#### PROMPT:
No pictures in the copy, please: retype all the records exactly.

Content starts

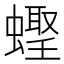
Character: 𬠪
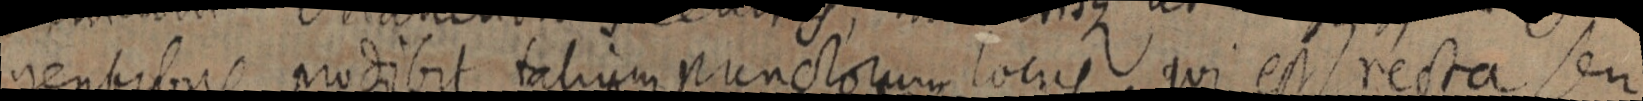
gentibus prodibit talium punctorum locus qui est recta seu
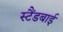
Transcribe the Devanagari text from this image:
स्‍टैंडबाई
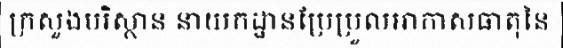
ក្រសួងបរិស្ថាន នាយកដ្ឋានប្រែប្រួលអាកាសធាតុនៃ
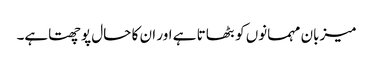
میزبان مہمانوں کو بٹھاتا ہے اور ان کا حال پوچھتاہے۔
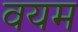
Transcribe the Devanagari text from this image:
वयम
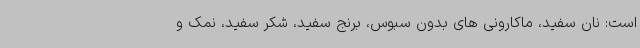
است: نان سفید، ماکارونی های بدون سبوس، برنج سفید، شکر سفید، نمک و
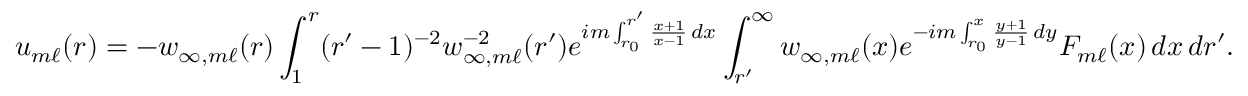
u _ { m \ell } ( r ) = - w _ { \infty , m \ell } ( r ) \int _ { 1 } ^ { r } ( r ^ { \prime } - 1 ) ^ { - 2 } w _ { \infty , m \ell } ^ { - 2 } ( r ^ { \prime } ) e ^ { i m \int _ { r _ { 0 } } ^ { r ^ { \prime } } \frac { x + 1 } { x - 1 } \, d x } \int _ { r ^ { \prime } } ^ { \infty } w _ { \infty , m \ell } ( x ) e ^ { - i m \int _ { r _ { 0 } } ^ { x } \frac { y + 1 } { y - 1 } \, d y } F _ { m \ell } ( x ) \, d x \, d r ^ { \prime } .
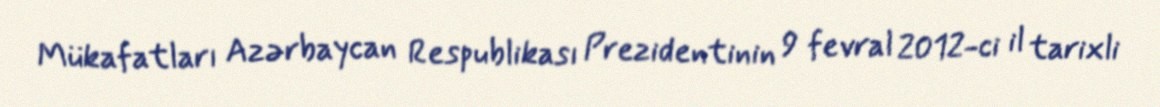
Mükafatları Azərbaycan Respublikası Prezidentinin 9 fevral 2012-ci il tarixli
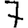
Digit: 7
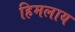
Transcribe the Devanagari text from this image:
हिमलाय
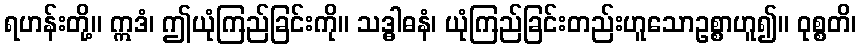
ရဟန်းတို့။ ဣဒံ၊ ဤယုံကြည်ခြင်းကို။ သဒ္ဓါဓနံ၊ ယုံကြည်ခြင်းတည်းဟူသောဥစ္စာဟူ၍။ ဝုစ္စတိ၊
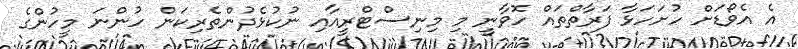
އެ އެވޯޑަށް ހުށަހަޅާ ފަރާތްތައް ހޮވާނީ މި މިނިސްޓްރީއާއި ނުކުޅެދުންތެރިކަން ހުންނަ މީހުންގެ
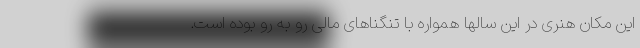
این مکان هنری در این سالها همواره با تنگناهای مالی رو به رو بوده است.
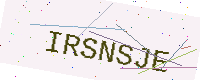
Text: IRSNSJE
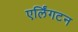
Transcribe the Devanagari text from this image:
एर्लिंगटन
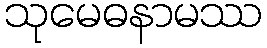
သုမေဓနာမဿ
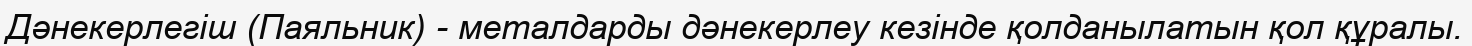
Дәнекерлегіш (Паяльник) - металдарды дәнекерлеу кезінде қолданылатын қол құралы.
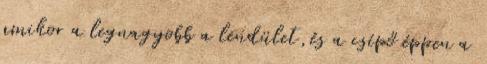
amikor a legnagyobb a lendület,és a csípő éppen a

Content ends

#### RESPONSE AREA:
Character: 𬠪
gentibus prodibit talium punctorum locus qui est recta seu
Transcribe the Devanagari text from this image:
स्‍टैंडबाई
ក្រសួងបរិស្ថាន នាយកដ្ឋានប្រែប្រួលអាកាសធាតុនៃ
میزبان مہمانوں کو بٹھاتا ہے اور ان کا حال پوچھتاہے۔
Transcribe the Devanagari text from this image:
वयम
است: نان سفید، ماکارونی های بدون سبوس، برنج سفید، شکر سفید، نمک و
u _ { m \ell } ( r ) = - w _ { \infty , m \ell } ( r ) \int _ { 1 } ^ { r } ( r ^ { \prime } - 1 ) ^ { - 2 } w _ { \infty , m \ell } ^ { - 2 } ( r ^ { \prime } ) e ^ { i m \int _ { r _ { 0 } } ^ { r ^ { \prime } } \frac { x + 1 } { x - 1 } \, d x } \int _ { r ^ { \prime } } ^ { \infty } w _ { \infty , m \ell } ( x ) e ^ { - i m \int _ { r _ { 0 } } ^ { x } \frac { y + 1 } { y - 1 } \, d y } F _ { m \ell } ( x ) \, d x \, d r ^ { \prime } .
Mükafatları Azərbaycan Respublikası Prezidentinin 9 fevral 2012-ci il tarixli
Digit: 7
Transcribe the Devanagari text from this image:
हिमलाय
ရဟန်းတို့။ ဣဒံ၊ ဤယုံကြည်ခြင်းကို။ သဒ္ဓါဓနံ၊ ယုံကြည်ခြင်းတည်းဟူသောဥစ္စာဟူ၍။ ဝုစ္စတိ၊
އެ އެވޯޑަށް ހުށަހަޅާ ފަރާތްތައް ހޮވާނީ މި މިނިސްޓްރީއާއި ނުކުޅެދުންތެރިކަން ހުންނަ މީހުންގެ
این مکان هنری در این سالها همواره با تنگناهای مالی رو به رو بوده است.
Text: IRSNSJE
Transcribe the Devanagari text from this image:
एर्लिंगटन
သုမေဓနာမဿ
Дәнекерлегіш (Паяльник) - металдарды дәнекерлеу кезінде қолданылатын қол құралы.
amikor a legnagyobb a lendület,és a csípő éppen a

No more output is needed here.